PROBLEM DETAILS:
Search the records below for the line containing "#3993=CARTESIAN_POINT('',(1.,5.08,20.));". Output that line and all later lines exactly; output nothing else.

INFORMATION PROVIDED:
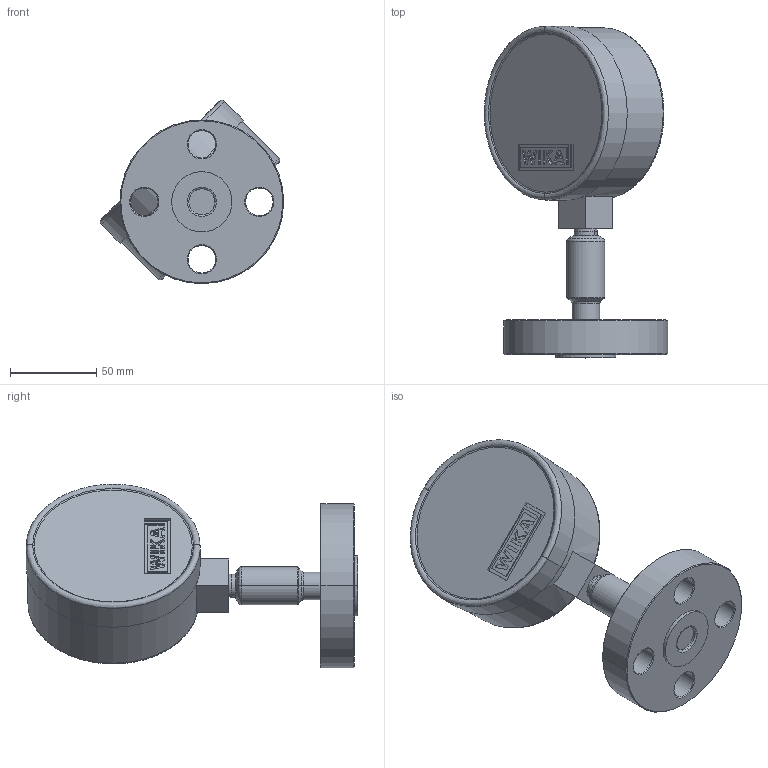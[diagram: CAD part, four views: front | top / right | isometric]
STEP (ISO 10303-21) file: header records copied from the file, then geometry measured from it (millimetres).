
FILE_DESCRIPTION((''),'2;1');
FILE_NAME('14206605','2018-07-17T13:54:09',('MuelleK2'),(''),'CREO PARAMETRIC BY PTC INC, 2017260','CREO PARAMETRIC BY PTC INC, 2017260','');
FILE_SCHEMA(('AUTOMOTIVE_DESIGN { 1 0 10303 214 1 1 1 1 }'));
Length unit declared in the file: millimetre
Products named in the file (1): 14206605
Bounding box: 106.38 x 192.5 x 106.38 mm (x, y, z)
Volume: 529388.1 mm3; surface area: 58915.2 mm2
Topology: 1 solids, 1 shells, 137 faces, 325 edges, 202 vertices
Faces by surface type: bspline 137
Entity records: 5896 total; most frequent: CARTESIAN_POINT 2964, ORIENTED_EDGE 650, DIRECTION 409, EDGE_CURVE 325, VECTOR 217, LINE 217, VERTEX_POINT 202, EDGE_LOOP 157
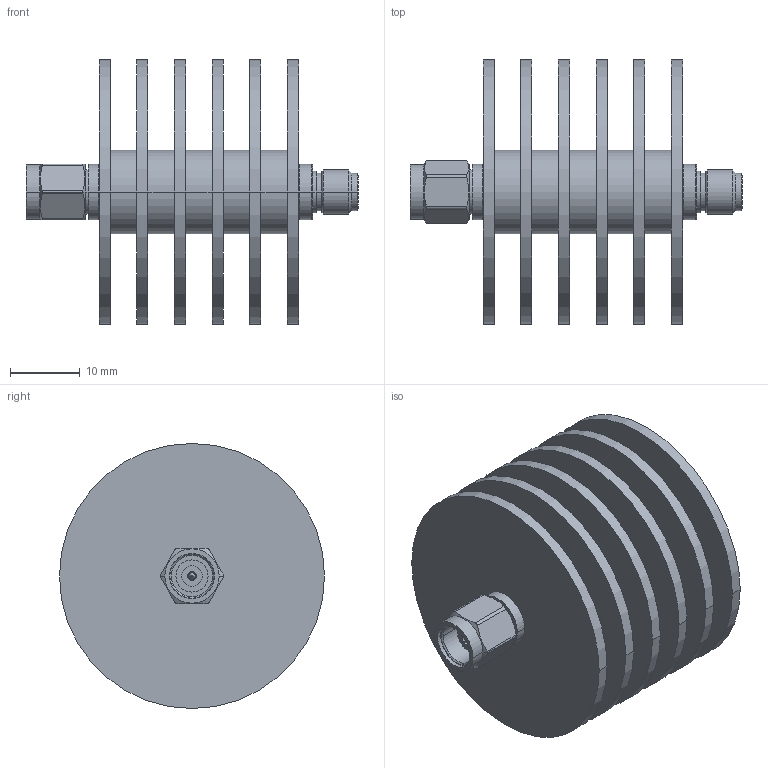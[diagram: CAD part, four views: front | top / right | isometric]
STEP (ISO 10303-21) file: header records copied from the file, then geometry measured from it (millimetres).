
FILE_DESCRIPTION (( 'STEP AP214' ), '1' );
FILE_NAME ('FMAT7512-40_3D.step', '2025-03-04T21:56:55', ( '' ), ( '' ), 'SwSTEP 2.0', 'SolidWorks 2022', '' );
FILE_SCHEMA (( 'AUTOMOTIVE_DESIGN' ));
Length unit declared in the file: millimetre
Products named in the file (1): FMAT7512-40_3D
Bounding box: 47.6 x 38 x 38 mm (x, y, z)
Volume: 13684.2 mm3; surface area: 15183 mm2
Topology: 1 solids, 1 shells, 116 faces, 243 edges, 156 vertices
Faces by surface type: cylinder 65, plane 35, cone 12, torus 4
Entity records: 3269 total; most frequent: CARTESIAN_POINT 672, DIRECTION 581, ORIENTED_EDGE 486, AXIS2_PLACEMENT_3D 249, EDGE_CURVE 243, VERTEX_POINT 156, EDGE_LOOP 143, CIRCLE 132
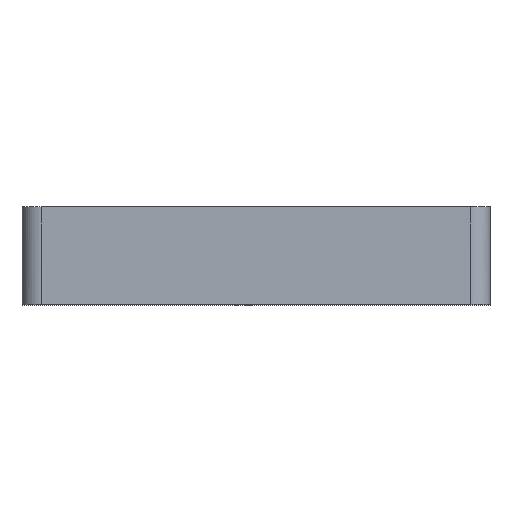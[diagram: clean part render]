
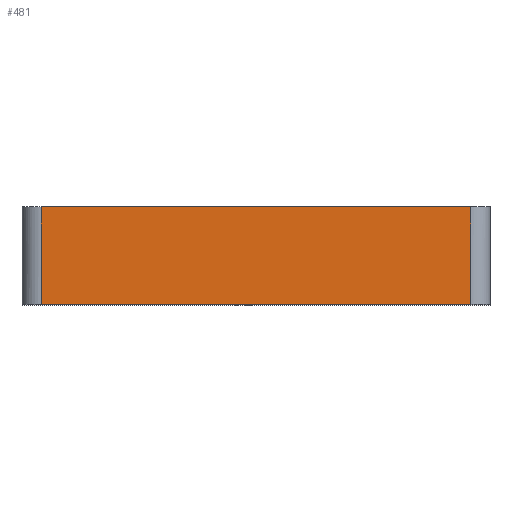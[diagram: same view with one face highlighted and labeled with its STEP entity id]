
A CAD part, top view. The second image highlights one B-rep face of the part: STEP entity #481.
In plain terms, the highlighted planar face has unit normal (0, 0, 1).
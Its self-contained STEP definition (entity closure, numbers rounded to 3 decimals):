
#39=B_SPLINE_CURVE_WITH_KNOTS('',1,(#3990,#3991),.UNSPECIFIED.,.F.,.F.,
(2,2),(1.,23.383),.UNSPECIFIED.);
#40=B_SPLINE_CURVE_WITH_KNOTS('',1,(#3992,#3993),.UNSPECIFIED.,.F.,.F.,
(2,2),(30.463,52.846),.UNSPECIFIED.);
#43=B_SPLINE_CURVE_WITH_KNOTS('',1,(#3998,#3999),.UNSPECIFIED.,.F.,.F.,
(2,2),(0.,5.08),.UNSPECIFIED.);
#44=B_SPLINE_CURVE_WITH_KNOTS('',1,(#4000,#4001),.UNSPECIFIED.,.F.,.F.,
(2,2),(0.,5.08),.UNSPECIFIED.);
#481=ADVANCED_FACE('',(#618),#2111,.T.);
#618=FACE_OUTER_BOUND('',#769,.T.);
#769=EDGE_LOOP('',(#1038,#1039,#1040,#1041));
#1038=ORIENTED_EDGE('',*,*,#1571,.T.);
#1039=ORIENTED_EDGE('',*,*,#1567,.T.);
#1040=ORIENTED_EDGE('',*,*,#1572,.T.);
#1041=ORIENTED_EDGE('',*,*,#1568,.T.);
#1567=EDGE_CURVE('',#1906,#1905,#39,.T.);
#1568=EDGE_CURVE('',#1911,#1910,#40,.T.);
#1571=EDGE_CURVE('',#1910,#1906,#43,.T.);
#1572=EDGE_CURVE('',#1905,#1911,#44,.T.);
#1905=VERTEX_POINT('',#3781);
#1906=VERTEX_POINT('',#3782);
#1910=VERTEX_POINT('',#3786);
#1911=VERTEX_POINT('',#3787);
#2111=PLANE('',#2173);
#2173=AXIS2_PLACEMENT_3D('',#2447,#2208,$);
#2208=DIRECTION('',(0.,0.,1.));
#2447=CARTESIAN_POINT('',(0.,0.,20.));
#3781=CARTESIAN_POINT('',(23.383,0.,20.));
#3782=CARTESIAN_POINT('',(1.,0.,20.));
#3786=CARTESIAN_POINT('',(1.,5.08,20.));
#3787=CARTESIAN_POINT('',(23.383,5.08,20.));
#3990=CARTESIAN_POINT('',(1.,0.,20.));
#3991=CARTESIAN_POINT('',(23.383,0.,20.));
#3992=CARTESIAN_POINT('',(23.383,5.08,20.));
#3993=CARTESIAN_POINT('',(1.,5.08,20.));
#3998=CARTESIAN_POINT('',(1.,5.08,20.));
#3999=CARTESIAN_POINT('',(1.,0.,20.));
#4000=CARTESIAN_POINT('',(23.383,0.,20.));
#4001=CARTESIAN_POINT('',(23.383,5.08,20.));

RESULT:
#3993=CARTESIAN_POINT('',(1.,5.08,20.));
#3998=CARTESIAN_POINT('',(1.,5.08,20.));
#3999=CARTESIAN_POINT('',(1.,0.,20.));
#4000=CARTESIAN_POINT('',(23.383,0.,20.));
#4001=CARTESIAN_POINT('',(23.383,5.08,20.));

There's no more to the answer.